Site Reliability Engineer (SRE)
Siemens
Job Description
Responsibilities/Tasks
Provide & own the design, deployment, automation, and scripting solutions to drive new capabilities, visibility, and efficiency
Collaborate with other technical platforms and partners to engineer automated and integrated solutions between tools, services, teams that increase availability, reliability, and performance.
Own and ensure the internal and external SLA’s meet and exceed expectations
Be part of maintaining a 24x7, global, highly available SaaS environment
Participate in an on-call rotation that supports our production infrastructure
Troubleshoot production availability incidents that often span across multiple teams and services.
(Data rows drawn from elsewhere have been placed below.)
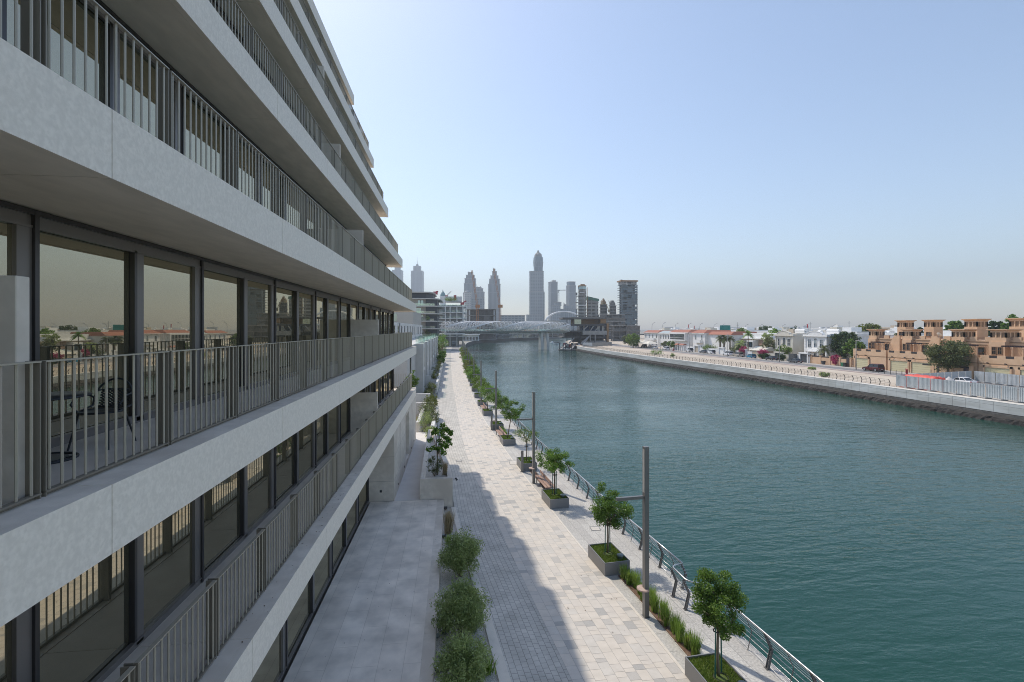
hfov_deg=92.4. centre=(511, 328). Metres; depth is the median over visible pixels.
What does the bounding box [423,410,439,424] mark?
garden shrub
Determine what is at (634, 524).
canal railing
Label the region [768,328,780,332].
garden tree
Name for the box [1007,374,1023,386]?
hoarding panel
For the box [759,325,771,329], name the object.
street tree
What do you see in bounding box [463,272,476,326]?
tower
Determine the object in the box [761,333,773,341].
street tree
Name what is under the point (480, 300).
tower
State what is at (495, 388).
street lamp
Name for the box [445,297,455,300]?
roof garden
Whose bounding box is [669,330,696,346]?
tiled villa
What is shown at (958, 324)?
street tree
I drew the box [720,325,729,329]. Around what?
green billboard
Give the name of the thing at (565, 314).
tower
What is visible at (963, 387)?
hoarding panel
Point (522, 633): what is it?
setts path
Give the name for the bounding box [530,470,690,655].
soil
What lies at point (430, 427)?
garden shrub
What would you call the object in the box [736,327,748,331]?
street tree
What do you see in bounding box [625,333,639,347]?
street tree
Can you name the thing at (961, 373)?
hoarding panel
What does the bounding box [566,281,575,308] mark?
tower
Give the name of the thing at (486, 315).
unfinished building
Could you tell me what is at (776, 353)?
garden wall
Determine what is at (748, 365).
quay fence
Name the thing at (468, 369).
young tree
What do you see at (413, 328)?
townhouse
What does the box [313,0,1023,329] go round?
sky
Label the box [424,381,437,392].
garden shrub
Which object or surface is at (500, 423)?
planter box
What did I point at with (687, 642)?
grass clump
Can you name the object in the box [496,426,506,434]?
park bench
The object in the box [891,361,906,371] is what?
garage door
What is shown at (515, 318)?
office block
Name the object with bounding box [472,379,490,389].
young tree
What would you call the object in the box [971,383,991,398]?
hoarding panel
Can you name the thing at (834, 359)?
bougainvillea
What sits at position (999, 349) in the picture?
window
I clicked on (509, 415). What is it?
young tree
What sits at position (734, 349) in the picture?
garden bush
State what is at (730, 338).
palm tree
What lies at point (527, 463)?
planter box
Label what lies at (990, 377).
hoarding panel
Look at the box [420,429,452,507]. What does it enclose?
stone planter
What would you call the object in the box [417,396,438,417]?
garden shrub
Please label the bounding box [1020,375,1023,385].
hoarding panel
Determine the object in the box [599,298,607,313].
unfinished building
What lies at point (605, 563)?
planter box
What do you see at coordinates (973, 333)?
sandstone villa
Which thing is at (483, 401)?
planter box
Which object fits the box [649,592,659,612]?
grass clump
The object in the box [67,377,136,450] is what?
patio chair
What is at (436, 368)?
garden shrub
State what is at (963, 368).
garden wall
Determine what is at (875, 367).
parked car
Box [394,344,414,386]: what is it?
garden house
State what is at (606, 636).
paver path
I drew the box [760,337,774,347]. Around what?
street tree
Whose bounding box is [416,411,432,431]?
garden shrub
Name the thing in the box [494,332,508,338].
pavilion
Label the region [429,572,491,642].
feathery shrub
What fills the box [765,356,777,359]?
parked car
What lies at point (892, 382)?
ground
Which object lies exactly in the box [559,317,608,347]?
waterside structure
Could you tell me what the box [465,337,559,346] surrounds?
quay
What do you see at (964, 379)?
parked car
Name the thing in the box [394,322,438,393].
townhouse
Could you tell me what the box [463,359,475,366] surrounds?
young tree
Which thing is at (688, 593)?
canal railing
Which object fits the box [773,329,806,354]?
pediment villa
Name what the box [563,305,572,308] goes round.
tower
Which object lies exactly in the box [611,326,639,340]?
unfinished building
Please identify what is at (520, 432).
young tree
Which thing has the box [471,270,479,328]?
tower crane
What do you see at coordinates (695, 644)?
grass clump
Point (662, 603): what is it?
grass clump
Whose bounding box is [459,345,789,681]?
granite path
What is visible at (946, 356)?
street tree
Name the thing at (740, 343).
palm tree
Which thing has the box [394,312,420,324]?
stone block
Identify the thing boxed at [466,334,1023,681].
canal water
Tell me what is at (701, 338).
tiled villa
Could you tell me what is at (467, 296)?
tower
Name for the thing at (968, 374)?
hoarding panel
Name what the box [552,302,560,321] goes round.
tower
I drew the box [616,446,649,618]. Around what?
street lamp
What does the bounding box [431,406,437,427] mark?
garden wall
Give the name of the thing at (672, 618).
grass clump
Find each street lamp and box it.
[467,354,474,391]
[472,361,481,406]
[485,370,496,430]
[517,392,535,483]
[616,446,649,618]
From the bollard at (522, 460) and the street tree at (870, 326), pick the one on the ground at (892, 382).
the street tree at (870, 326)
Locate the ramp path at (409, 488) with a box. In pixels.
[382,432,426,501]
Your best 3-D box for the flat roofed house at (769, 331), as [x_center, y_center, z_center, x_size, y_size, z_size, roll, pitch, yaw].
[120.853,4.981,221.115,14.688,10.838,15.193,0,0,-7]
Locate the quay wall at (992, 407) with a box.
[577,346,1023,418]
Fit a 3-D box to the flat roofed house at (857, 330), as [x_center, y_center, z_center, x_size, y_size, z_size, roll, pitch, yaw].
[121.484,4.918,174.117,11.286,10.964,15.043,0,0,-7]
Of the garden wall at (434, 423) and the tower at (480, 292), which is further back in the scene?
the tower at (480, 292)
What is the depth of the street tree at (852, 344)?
140.17 m
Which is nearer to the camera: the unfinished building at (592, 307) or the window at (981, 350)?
the window at (981, 350)
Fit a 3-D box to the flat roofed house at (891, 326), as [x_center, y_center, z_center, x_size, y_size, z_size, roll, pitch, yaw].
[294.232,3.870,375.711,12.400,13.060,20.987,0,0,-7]
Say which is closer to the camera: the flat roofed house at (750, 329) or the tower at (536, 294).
the flat roofed house at (750, 329)
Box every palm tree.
[716,335,725,346]
[718,335,728,346]
[725,336,735,348]
[735,340,747,349]
[742,331,754,350]
[815,345,830,355]
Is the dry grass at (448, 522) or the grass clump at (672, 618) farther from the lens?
the dry grass at (448, 522)
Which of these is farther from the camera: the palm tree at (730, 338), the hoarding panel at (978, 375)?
the palm tree at (730, 338)
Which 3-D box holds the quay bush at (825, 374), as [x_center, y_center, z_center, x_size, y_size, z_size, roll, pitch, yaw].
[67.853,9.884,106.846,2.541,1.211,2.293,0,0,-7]
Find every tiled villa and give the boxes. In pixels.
[643,330,672,346]
[658,331,670,347]
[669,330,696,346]
[692,330,756,349]
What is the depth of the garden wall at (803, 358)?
151.70 m
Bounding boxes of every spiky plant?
[438,624,450,634]
[481,652,497,676]
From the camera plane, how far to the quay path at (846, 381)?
93.32 m
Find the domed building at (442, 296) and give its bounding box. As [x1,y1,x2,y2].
[440,291,445,304]
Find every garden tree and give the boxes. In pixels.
[436,354,444,362]
[437,335,447,350]
[438,333,448,348]
[438,350,446,357]
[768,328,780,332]
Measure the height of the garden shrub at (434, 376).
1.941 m
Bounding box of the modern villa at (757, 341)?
[740,333,776,348]
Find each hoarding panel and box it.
[896,375,909,387]
[907,376,923,389]
[918,377,933,390]
[930,378,948,392]
[937,372,943,377]
[943,380,962,394]
[944,372,950,378]
[951,372,957,378]
[957,381,976,396]
[958,371,964,376]
[965,371,971,378]
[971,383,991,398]
[974,371,988,382]
[985,372,997,383]
[986,384,1007,400]
[996,373,1012,385]
[1001,386,1023,402]
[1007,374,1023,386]
[1018,387,1023,401]
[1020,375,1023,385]
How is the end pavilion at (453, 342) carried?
on the ground at (460, 343)
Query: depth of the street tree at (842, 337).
146.47 m
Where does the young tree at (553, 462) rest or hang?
in the planter box at (559, 499)
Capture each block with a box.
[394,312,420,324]
[500,315,524,330]
[526,315,541,320]
[538,321,567,330]
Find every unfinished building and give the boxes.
[467,309,496,339]
[586,296,598,316]
[598,314,625,338]
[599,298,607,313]
[609,300,616,313]
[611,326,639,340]
[617,280,637,325]
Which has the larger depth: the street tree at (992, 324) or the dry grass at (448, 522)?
the street tree at (992, 324)
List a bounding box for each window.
[418,300,422,305]
[978,347,984,354]
[991,347,996,354]
[997,347,1002,354]
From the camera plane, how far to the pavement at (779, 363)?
142.99 m
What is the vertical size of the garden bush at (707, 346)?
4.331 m
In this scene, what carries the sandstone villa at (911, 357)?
on the pavement at (788, 361)
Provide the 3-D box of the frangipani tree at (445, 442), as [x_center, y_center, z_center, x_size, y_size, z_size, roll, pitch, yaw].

Lead production incident post-mortems, and contribute to solutions to prevent problem recurrence; with the goal of automated response to all non-exceptional service conditions
Communicate to business and technical partners on incidents as they occur when they impact system performance or availability at a critical level
Required Education, and Experience
- Education: Bachelor’s Degree or equivalent experience with at least two years in IT.
- Experience:
- Automation and Scripting: Over 4 years of experience in automation, including scripting and API development.
- Cloud Software Development: At least 3 years of experience in software development in cloud environments.
- Observability Tools: A minimum of 2 years of experience with observability tools such as Datadog, CloudWatch, CloudTrail, Elastic Stack, Grafana, or similar tools.
Over 2 years of experience with containerization, specifically Kubernetes
2+ years of expertise in Amazon Web Services (AWS) services
2+ years of expertise with tools such as Terraform, CloudFormation, Ansible, or similar.
2+ years proficiency with Python
Preferred Knowledge/Skills
**Siemens Teamcenter software**
Desired certifications include:
Datadog, Kubernetes, AWS or Azure certification
More than 2 years of proficiency as a Site Reliability Engineer or equivalent role
2+ years experience with issue/incident tracking tool
(ServiceNOW, ServiceDesk, Jira or equivalent tools)
2+ years with log management tools (ie ELK Stack)
2+ years experience Enterprise IT environment with distributed environments
Networking concepts, including firewalls, VPN, routing, load balancers, security and DNS
Senior level system administration experience, including troubleshooting, support, mentorship/training, and oversight Attachments
We are an equal opportunity employer and value diversity at our company. We do not discriminate on the basis of race, religion, color, national origin, sex, gender, gender expression, sexual orientation, age, marital status, veteran status, or disability status.